• **WORK REQUIRED**
Search the records for lines that contain the word "radiation". Copy them all.

MATERIAL SUPPLIED Block Start

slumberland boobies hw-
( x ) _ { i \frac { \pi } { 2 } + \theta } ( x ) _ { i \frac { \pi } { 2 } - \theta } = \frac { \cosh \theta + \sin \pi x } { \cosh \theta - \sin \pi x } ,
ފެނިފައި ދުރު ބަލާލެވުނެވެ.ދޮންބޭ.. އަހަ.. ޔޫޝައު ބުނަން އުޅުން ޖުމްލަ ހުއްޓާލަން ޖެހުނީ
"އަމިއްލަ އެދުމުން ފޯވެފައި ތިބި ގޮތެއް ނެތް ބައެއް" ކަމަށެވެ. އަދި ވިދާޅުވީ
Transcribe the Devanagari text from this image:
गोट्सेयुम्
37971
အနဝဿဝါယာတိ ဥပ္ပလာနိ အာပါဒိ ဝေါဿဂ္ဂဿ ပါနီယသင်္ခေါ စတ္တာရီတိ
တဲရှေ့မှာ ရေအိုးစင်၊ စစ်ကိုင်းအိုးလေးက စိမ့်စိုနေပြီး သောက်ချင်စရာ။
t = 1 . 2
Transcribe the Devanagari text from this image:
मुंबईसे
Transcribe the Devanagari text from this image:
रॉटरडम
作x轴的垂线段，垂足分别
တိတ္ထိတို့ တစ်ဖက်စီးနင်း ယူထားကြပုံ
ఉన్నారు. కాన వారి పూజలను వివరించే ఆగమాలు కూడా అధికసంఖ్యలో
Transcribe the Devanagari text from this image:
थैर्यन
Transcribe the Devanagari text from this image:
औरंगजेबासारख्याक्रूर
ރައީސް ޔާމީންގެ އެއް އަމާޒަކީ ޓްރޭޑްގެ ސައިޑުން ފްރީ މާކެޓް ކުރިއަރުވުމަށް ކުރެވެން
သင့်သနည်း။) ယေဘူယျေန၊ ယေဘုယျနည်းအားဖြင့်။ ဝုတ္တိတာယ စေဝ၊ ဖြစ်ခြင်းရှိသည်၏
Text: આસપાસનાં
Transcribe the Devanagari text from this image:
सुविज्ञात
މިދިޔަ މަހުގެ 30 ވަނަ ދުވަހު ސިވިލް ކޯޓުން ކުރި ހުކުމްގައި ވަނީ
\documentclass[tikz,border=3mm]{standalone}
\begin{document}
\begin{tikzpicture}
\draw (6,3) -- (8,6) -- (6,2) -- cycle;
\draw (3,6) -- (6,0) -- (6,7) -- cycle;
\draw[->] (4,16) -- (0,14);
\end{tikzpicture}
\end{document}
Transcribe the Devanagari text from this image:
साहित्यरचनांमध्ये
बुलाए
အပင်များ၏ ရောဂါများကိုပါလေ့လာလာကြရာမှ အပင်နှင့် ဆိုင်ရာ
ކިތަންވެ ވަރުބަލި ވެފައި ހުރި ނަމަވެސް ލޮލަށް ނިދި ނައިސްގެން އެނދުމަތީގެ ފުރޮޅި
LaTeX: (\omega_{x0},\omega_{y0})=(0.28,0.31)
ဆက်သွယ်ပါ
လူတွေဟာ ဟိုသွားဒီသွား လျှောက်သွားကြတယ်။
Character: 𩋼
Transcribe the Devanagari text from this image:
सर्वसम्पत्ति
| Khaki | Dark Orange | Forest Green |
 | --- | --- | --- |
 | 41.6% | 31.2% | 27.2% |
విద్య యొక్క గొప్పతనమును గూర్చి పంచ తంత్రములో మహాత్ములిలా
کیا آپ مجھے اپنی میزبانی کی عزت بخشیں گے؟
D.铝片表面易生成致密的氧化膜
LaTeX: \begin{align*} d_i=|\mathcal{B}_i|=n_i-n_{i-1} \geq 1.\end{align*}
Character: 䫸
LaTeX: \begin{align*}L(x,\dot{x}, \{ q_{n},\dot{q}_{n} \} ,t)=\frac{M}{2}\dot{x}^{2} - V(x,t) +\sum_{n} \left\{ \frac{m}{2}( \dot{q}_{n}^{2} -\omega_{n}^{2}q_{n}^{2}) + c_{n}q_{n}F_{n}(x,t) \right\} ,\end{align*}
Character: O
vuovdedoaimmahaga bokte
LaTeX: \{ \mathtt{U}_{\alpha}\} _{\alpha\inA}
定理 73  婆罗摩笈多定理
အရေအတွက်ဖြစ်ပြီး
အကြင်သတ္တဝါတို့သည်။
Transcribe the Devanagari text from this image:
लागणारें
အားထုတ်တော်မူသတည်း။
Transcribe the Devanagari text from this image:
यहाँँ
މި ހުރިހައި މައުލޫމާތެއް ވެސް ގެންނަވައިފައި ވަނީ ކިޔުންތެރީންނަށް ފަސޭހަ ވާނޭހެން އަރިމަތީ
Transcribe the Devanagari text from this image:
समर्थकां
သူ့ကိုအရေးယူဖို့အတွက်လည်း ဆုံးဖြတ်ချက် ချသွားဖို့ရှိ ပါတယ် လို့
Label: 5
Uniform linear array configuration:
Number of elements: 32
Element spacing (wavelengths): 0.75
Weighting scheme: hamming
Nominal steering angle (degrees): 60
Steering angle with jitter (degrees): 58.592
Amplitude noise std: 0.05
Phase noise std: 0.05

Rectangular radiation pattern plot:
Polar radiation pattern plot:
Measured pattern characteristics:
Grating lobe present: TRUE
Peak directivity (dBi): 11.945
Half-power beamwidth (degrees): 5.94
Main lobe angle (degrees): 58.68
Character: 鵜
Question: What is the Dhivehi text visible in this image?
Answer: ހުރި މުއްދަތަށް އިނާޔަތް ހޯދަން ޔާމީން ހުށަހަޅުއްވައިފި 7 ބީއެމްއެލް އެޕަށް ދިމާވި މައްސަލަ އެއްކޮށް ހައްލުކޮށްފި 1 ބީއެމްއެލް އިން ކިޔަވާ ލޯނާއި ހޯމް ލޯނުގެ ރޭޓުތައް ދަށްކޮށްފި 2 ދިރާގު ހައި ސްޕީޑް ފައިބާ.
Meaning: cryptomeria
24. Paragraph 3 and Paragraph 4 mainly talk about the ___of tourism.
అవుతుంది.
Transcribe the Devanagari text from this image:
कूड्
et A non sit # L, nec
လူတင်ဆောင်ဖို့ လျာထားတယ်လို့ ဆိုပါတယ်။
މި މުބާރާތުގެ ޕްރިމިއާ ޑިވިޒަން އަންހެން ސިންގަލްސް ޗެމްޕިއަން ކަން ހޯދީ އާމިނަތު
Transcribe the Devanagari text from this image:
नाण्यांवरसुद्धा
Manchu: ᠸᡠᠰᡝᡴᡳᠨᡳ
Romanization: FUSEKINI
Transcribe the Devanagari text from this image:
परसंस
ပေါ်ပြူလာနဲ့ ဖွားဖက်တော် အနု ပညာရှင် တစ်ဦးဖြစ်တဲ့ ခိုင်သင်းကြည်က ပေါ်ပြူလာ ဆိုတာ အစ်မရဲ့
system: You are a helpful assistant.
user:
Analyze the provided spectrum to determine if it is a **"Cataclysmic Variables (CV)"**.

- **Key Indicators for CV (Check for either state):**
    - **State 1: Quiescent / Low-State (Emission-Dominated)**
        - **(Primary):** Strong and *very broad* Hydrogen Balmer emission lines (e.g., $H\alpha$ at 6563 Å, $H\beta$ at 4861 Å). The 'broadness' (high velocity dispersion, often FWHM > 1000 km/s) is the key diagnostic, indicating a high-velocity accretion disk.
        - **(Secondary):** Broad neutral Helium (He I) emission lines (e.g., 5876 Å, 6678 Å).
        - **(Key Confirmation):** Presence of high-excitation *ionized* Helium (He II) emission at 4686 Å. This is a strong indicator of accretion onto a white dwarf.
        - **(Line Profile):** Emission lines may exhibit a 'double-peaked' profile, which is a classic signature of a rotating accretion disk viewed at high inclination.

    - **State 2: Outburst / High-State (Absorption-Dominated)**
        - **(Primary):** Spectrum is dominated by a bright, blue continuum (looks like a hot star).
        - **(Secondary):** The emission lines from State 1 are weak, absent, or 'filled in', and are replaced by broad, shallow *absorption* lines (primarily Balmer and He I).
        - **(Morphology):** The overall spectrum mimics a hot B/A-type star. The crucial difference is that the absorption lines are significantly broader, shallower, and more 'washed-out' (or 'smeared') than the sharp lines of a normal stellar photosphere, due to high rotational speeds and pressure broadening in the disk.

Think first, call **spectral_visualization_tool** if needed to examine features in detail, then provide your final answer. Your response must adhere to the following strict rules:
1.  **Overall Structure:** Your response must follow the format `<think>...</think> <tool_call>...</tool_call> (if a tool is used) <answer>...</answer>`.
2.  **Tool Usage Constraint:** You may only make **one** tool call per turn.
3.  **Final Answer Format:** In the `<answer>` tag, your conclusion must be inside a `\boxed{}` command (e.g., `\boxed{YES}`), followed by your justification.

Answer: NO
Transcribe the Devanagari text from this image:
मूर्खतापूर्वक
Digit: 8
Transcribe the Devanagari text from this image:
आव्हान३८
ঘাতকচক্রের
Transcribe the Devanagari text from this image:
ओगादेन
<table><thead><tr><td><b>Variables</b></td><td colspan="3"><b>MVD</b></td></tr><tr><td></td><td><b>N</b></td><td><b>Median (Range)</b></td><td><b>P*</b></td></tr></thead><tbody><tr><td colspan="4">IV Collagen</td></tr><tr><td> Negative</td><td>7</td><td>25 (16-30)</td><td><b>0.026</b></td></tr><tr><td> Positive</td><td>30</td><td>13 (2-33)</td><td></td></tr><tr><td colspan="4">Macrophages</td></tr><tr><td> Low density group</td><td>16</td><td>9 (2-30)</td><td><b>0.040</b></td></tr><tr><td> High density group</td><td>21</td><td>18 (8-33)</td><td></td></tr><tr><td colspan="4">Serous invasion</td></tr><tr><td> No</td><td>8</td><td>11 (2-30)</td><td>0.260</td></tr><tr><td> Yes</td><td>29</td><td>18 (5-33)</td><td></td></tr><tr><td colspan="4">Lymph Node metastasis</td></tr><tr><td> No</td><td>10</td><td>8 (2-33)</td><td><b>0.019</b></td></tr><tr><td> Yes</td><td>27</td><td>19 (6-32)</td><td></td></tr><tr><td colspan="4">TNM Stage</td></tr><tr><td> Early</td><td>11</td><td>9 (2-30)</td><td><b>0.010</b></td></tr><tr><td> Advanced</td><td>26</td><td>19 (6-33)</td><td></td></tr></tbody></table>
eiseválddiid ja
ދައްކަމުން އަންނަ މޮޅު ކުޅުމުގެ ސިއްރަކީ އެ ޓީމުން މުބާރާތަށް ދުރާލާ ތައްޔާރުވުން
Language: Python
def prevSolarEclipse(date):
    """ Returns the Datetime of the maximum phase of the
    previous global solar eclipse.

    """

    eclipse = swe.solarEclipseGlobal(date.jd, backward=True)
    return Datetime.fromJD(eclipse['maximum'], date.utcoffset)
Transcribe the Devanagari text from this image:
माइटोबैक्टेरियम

MATERIAL SUPPLIED Block End

• **WORKED SOLUTION**
Rectangular radiation pattern plot:
Polar radiation pattern plot:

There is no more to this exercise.